(SOURCE DATA)

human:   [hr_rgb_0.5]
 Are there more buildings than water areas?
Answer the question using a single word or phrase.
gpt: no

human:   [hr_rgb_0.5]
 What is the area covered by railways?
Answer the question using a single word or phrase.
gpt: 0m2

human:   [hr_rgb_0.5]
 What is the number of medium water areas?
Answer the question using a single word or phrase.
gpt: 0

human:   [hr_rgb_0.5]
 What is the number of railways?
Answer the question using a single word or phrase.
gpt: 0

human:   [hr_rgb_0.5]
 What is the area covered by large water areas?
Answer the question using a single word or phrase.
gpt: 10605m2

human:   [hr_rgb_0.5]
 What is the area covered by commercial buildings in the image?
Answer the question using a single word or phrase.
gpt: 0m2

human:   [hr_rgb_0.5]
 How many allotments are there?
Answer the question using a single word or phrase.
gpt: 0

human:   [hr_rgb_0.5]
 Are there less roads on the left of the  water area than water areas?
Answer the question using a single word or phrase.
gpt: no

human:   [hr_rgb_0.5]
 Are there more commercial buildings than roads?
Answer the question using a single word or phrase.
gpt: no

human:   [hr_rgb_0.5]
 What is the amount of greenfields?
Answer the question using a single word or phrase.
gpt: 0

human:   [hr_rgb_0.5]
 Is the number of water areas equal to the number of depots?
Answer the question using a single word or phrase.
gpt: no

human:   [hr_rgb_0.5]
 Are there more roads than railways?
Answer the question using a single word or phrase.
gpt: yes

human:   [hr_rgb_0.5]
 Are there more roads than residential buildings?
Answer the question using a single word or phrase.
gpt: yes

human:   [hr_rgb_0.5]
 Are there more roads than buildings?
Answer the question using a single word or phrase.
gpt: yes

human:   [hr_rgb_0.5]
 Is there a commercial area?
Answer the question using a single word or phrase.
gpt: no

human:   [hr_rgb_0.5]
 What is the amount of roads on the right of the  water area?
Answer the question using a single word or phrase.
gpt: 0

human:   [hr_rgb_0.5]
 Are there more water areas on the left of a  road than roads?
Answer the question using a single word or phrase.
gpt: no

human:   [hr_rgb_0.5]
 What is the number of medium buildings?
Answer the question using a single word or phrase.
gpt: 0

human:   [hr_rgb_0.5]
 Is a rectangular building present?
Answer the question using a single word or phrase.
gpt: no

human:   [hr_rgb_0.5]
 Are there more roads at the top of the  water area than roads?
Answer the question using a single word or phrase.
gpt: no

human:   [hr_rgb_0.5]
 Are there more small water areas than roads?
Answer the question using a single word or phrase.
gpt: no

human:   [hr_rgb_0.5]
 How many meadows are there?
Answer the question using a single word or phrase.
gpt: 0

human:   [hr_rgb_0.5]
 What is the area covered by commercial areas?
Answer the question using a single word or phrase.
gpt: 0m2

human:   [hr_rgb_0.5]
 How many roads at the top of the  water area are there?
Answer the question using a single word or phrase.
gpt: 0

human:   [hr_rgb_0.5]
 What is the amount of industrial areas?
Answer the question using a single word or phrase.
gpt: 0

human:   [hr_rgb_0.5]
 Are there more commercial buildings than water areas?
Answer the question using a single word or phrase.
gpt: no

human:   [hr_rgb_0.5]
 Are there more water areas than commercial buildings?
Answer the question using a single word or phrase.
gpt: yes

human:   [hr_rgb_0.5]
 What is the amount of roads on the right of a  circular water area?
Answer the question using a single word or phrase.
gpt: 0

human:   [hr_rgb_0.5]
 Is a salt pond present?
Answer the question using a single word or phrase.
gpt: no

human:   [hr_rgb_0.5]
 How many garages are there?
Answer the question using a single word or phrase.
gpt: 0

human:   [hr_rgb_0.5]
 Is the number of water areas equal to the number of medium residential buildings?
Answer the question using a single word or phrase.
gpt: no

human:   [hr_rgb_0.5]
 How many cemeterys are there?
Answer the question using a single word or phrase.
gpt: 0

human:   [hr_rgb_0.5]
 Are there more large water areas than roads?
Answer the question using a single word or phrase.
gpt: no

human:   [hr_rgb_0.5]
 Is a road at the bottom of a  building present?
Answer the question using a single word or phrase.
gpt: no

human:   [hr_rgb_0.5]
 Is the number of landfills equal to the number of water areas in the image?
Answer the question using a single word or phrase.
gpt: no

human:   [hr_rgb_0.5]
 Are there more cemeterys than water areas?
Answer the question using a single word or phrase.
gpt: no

(End SOURCE DATA)
(SOURCE DATA)

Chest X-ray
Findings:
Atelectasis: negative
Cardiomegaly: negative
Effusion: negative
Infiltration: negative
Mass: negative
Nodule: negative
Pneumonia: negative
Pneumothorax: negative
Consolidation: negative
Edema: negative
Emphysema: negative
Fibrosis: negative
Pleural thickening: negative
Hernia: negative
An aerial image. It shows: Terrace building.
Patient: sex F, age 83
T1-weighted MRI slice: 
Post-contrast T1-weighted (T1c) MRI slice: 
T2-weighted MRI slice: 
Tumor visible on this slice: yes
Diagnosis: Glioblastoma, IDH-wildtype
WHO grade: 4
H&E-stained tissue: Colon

(End SOURCE DATA)
(SOURCE DATA)

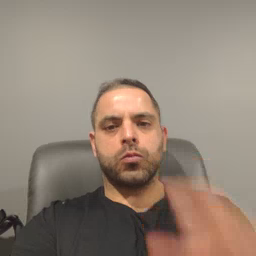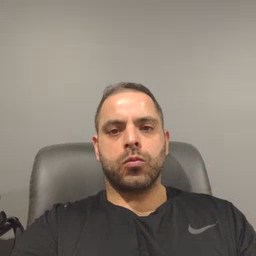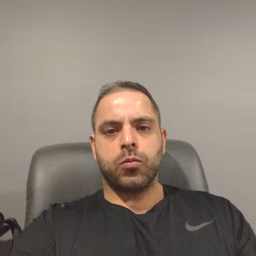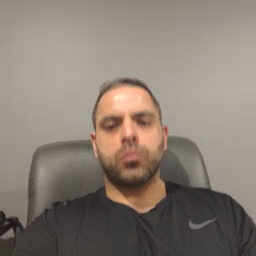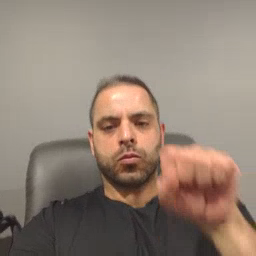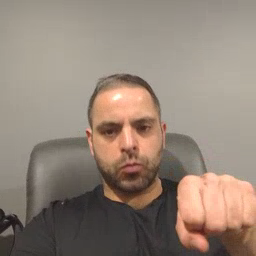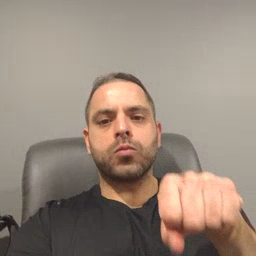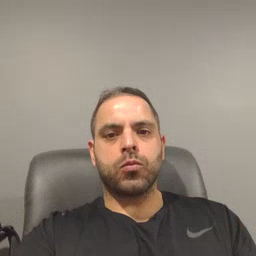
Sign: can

(End SOURCE DATA)

WORK ITEM: State how many lines of the entries include the string "weighted", with nothing besides the number.

ANSWER BOX: 3